[WHAT YOU WILL DO]
Search the records for the string "Civil", then copy each line that has it.
· · · · ·
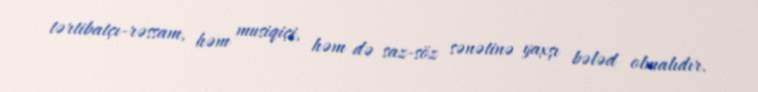
tərtibatçı-rəssam, həm musiqiçi, həm də saz-söz sənətinə yaxşı bələd olmalıdır.
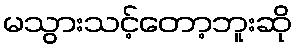
မသွားသင့်တော့ဘူးဆို
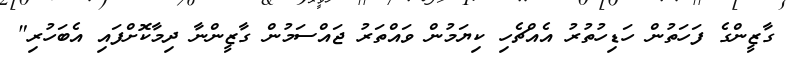
ގާޒީންގެ ފަހަތުން ހަޑިހުތުރު އެއްޗެހި ކިޔަމުން ވައްތަރު ޖައްސަމުން ގާޒީންނާ ދިމާކޮށްފައި އެބަހުރި"
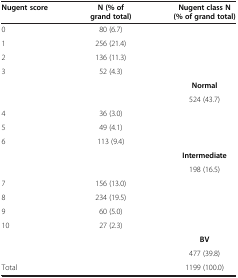
| Nugent score | N (% of grand total) | Nugent class N (% of grand total) |
 | --- | --- | --- |
 | 0 | 80 (6.7) |  |
 | 1 | 256 (21.4) |  |
 | 2 | 136 (11.3) |  |
 | 3 | 52 (4.3) |  |
 |  |  | Normal |
 |  |  | 524 (43.7) |
 | 4 | 36 (3.0) |  |
 | 5 | 49 (4.1) |  |
 | 6 | 113 (9.4) |  |
 |  |  | Intermediate |
 |  |  | 198 (16.5) |
 | 7 | 156 (13.0) |  |
 | 8 | 234 (19.5) |  |
 | 9 | 60 (5.0) |  |
 | 10 | 27 (2.3) |  |
 |  |  | BV |
 |  |  | 477 (39.8) |
 | <COLSPAN=2> Total | 1199 (100.0) |
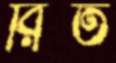
রিত
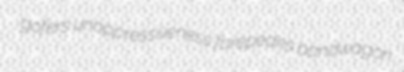
gofers unoppressiveness forepeaks bandwagon
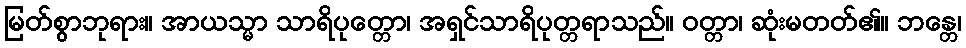
မြတ်စွာဘုရား။ အာယသ္မာ သာရိပုတ္တော၊ အရှင်သာရိပုတ္တရာသည်။ ဝတ္တာ၊ ဆုံးမတတ်၏။ ဘန္တေ၊
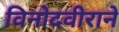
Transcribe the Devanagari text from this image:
विनोदवीराने
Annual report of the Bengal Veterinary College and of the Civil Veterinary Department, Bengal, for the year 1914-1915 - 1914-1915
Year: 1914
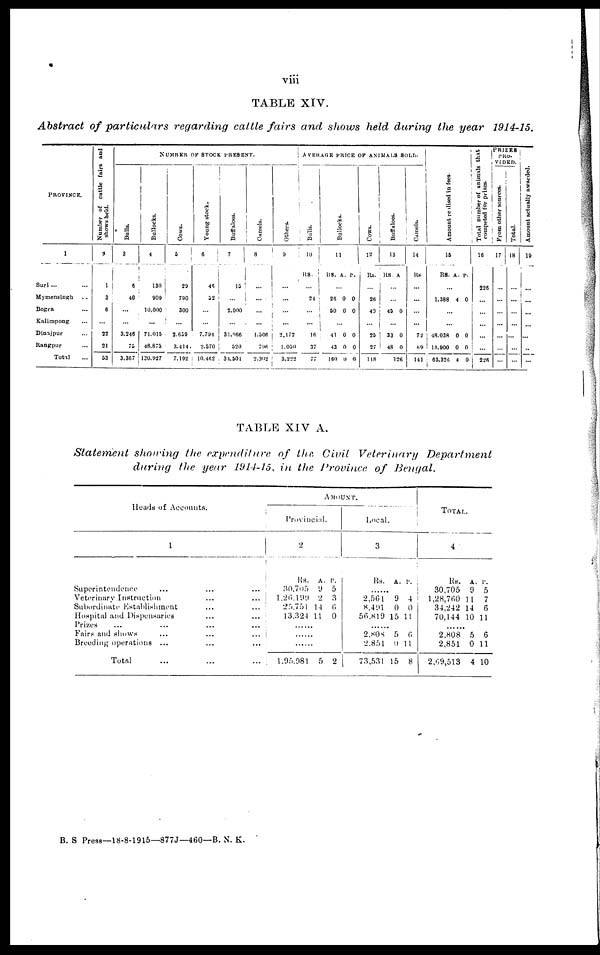
viii
TABLE XIV.
Abstract of particulars regarding cattle fairs and shows held during the year 1914-15.
PROVINCE.
1
Suri ... ...
Mymensingh ...
Bogra
Kalimpong ...
Dinajpur
Rangpur ...
Total ...
Number of cattle fairs and
shows held.
2
1
3
6
...
22
21
53
NUMBER OF STOCK PRESENT.
Bulls.
3
6
40
...
...
3,246
75
3,367
Bullocks.
4
130
909
10,000
...
71.015
48,873
130,927
Cows.
5
29
790
300
...
2.659
3,414
7,192
Young stock.
46
52
...
...
7,794
2,570
10,462
Buffaloes.
7
15
...
2,000
...
34,966
520
34,504
Camels.
8
...
...
...
...
1,506
796
2,302
Others.
...
...
...
...
2,172
1.050
3,222
AVERAGE PRICE OF ANIMALS SOLD.
Bulls.
10
RS.
...
24
...
16
37
77
Bullocks.
11
RS. A. P.
...
26 0 0
50 0 0
...
41 0 0
43 0 0
160 0 0
Cows.
12
Rs.
...
26
40
...
25
27
118
Buffaloes.
13
RS. A
...
...
45 0
...
33 0
48 0
126
Camels.
14
Rs.
...
...
...
...
72
69
141
Amo u n t r eal i sed in fees.
15
RS. A. P.
...
1,388 4 0
...
...
48,038 0 0
13,900 0 0
63,326 4 0
Total number of animals that
competed for prizes.
16
226
...
...
...
...
...
226
PRIZES
PRO-
VIDED.
From other sources.
17
...
...
...
...
...
...
...
Total.
18
...
...
...
...
...
...
...
Amo u n t actually awarded
19
...
...
...
...
...
..
...
TABLE XIV A.
Statement showing the expenditure of the Civil Veterinary
Department
during the year 1914-15, in the Province of Bengal.
Heads of Accounts.
1
Superintendence ... ...
... Veterinary Instruction ...
... Subordinate Establishment ...
... Hospital and Dispensaries ...
...
Prizes ... ... ...
...
Fairs and shows ... ...
... Breeding operations ... ..
...
Total ... ...
...
AMOUNT.
Provincial.
2
Rs. A. P.
30,705 9 5
1,26,199 2 3
25,754 14 6
13,324 11 0
......
......
1,95,981 5 2
Local.
3
Rs. A. P.
2,561 9 4
8,491 0 0
56,819 15 11
......
2,808
5 6
2,851 0 11
|
73,531 15 8
TOTAL.
4
Rs. A. P.
30,705 9 5
l,28,760 11 7
34,242 14 6
70,144 10 11
2,808 5 6
2,851 0 11
2,69,513 4 10
B. S Press—18-8-1915—877J—460—B. N. K.
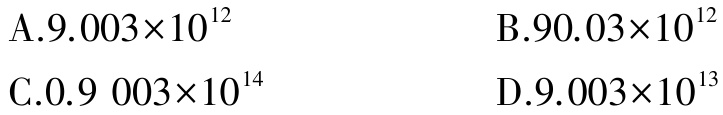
· · · · ·
[SOLUTION]
Annual report of the Bengal Veterinary College and of the Civil Veterinary Department, Bengal, for the year 1914-1915 - 1914-1915
Statement showing the expenditure of the Civil Veterinary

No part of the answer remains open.